Before coming to Mayo Clinic, the epileptic seizures Denny Hinshaw had lived with for more than 10 years were eroding both his personal and professional life. Since Denny came to Mayo Clinic for care, however, that is all in the past.


Near the end of December 2018, Denny Hinshaw turned on the TV in his home in Temple, Texas, just in time to catch a documentary on Mayo Clinic by renowned filmmaker Ken Burns. “It was wonderful,” Denny says of the documentary that chronicles how Mayo Clinic has met the changing demands of health care for more than 150 years.

For
Denny, however, the documentary was more than informational entertainment. It
also inspired hope in him — hope that Mayo Clinic could be the one medical institution
in the U.S. with the knowledge and desire to rid his body of the epileptic
seizures he’d been living with for the past decade.

Denny’s
seizures were the result of two head traumas he suffered in his late 30s. The
second was a dirt bike crash that happened when an attempted jump at 60 mph
went wrong. “I hit the ground hard and knocked myself out,” he says.

Though
she was with him at the time, Denny’s wife didn’t witness the accident.
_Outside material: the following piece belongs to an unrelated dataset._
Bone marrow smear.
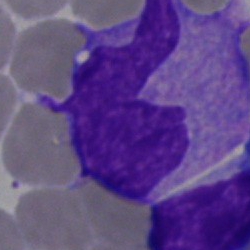
Specimen: bone marrow aspirate smear.
Classification: monocyte.

And
after regaining consciousness, Denny chose not to tell her. “She was
against me getting the dirt bike to begin with for this very reason,” he
recalls. “And I stupidly didn’t want to give her the satisfaction of
knowing she was right.”

Instead, after coming to and regaining his faculties, Denny drove them home where he thought he’d escaped serious injury and a serious reprimand from his spouse. A few months later, however, the true effects of the accident came to light when Denny began experiencing what he now recognizes as simple partial seizures. “We didn’t know they were partials at the time,” he says.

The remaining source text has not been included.